East Germany’s secret police had plans to crush every threat to the communist regime “but it didn’t reckon on candles and prayers.”
The saying, by the head of the secret police in Leipzig is fictional and taken from a novel. But given how often it comes up in speeches and historical accounts it might as well be fact.
The revolution “which went off peacefully started in the church,” says Christian Fuehrer, 66, who retired last year after 28 years as pastor of Leipzig’s Protestant Nikolai Church.
A leading figure in the “Monday demonstrations” which helped bring down the communist regime, Fuehrer was among the first to open his church to the “peace prayer meetings” which later snowballed into mass rallies.
He first held “peace prayer meetings” in 1982 to protest the arms race. Then only half a dozen turned up. By 1988, he had invited small groups advocating political reform to hold public discussions at the church.

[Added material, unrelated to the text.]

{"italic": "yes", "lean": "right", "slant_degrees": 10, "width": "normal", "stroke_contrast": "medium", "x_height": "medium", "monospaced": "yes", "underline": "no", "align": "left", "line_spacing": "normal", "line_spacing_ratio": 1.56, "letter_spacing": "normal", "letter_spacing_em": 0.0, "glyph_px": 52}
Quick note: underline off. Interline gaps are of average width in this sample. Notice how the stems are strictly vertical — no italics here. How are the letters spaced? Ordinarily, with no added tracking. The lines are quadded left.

On Sept. 25, 1989, 7,000 turned up for a “no violence” vigil as the regime threatened to clamp down on growing protests.
By Oct. 9, 70,000 converged on the square outside the church for a rally at which demonstrators first took up the chant: “We are the people,” in a direct rebuke to leaders of the “people’s republic.”

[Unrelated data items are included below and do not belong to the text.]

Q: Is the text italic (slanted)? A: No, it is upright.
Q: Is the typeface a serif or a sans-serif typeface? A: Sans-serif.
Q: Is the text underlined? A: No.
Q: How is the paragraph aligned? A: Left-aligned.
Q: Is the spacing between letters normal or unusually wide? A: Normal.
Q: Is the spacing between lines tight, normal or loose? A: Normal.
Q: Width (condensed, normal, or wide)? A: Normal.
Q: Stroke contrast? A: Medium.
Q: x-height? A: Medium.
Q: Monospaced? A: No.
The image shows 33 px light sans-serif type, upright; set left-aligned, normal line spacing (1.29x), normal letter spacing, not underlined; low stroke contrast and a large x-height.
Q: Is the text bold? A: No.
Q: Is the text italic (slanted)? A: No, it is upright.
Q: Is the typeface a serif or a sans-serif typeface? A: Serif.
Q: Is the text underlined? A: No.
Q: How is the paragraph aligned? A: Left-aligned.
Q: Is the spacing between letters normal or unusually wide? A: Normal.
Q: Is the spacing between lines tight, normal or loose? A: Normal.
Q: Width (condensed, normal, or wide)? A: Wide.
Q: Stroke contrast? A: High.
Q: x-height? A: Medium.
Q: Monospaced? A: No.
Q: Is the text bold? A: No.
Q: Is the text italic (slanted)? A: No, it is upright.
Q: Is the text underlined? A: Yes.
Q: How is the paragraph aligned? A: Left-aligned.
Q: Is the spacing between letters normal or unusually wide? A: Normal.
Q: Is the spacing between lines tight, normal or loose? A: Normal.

The protest triggered a chain reaction which ended with the fall of the Berlin Wall on Nov. 9 and the subsequent fall of the regime.
“For me, the church was obviously political, it deals with mankind. Jesus never hid away, he reached out to man,” Fuehrer says.

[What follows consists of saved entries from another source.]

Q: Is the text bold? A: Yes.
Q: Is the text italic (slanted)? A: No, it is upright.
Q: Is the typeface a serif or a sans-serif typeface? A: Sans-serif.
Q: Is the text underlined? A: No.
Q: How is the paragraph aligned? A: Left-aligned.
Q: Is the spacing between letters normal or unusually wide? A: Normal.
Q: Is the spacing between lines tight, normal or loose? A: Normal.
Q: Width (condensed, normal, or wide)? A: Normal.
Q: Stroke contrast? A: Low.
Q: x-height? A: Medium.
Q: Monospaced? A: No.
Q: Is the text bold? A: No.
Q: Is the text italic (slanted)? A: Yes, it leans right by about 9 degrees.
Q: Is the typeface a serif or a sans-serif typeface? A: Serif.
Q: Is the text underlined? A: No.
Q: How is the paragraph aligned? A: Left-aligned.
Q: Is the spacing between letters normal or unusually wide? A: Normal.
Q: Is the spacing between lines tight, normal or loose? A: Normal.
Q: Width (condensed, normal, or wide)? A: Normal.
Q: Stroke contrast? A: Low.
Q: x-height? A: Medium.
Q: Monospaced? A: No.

“Look to the Bible ... God frees the Israelites from their Babylonian exile ... The church ‘welcomes those who are persecuted,’” he says.
For Rainer Eppelmann, a former pastor of the East Berlin’s Samaritan church, who was later elected to parliament and who now heads a foundation researching East Germany’s dictatorship: “Prayer wasn’t enough, you had to get involved in politics.”
The reason for the success of the church meetings was that in East Germany every get-together had to be approved by the authorities, except for church services, he said.
Protestant churches, to which most East German Christians belonged, offered a haven for public discussions as Protestant pastors, unlike their Catholic brethren, did not need approval from church leaders on how to run their parishes.
“One speaks of a protestant revolution. It’s a little far-fetched but ... ,” says Eppelmann with a smile.
For Fuehrer, “a head-on collision with those in power was unavoidable. Dictatorship wants 100 percent of man, so logically it can’t tolerate God.”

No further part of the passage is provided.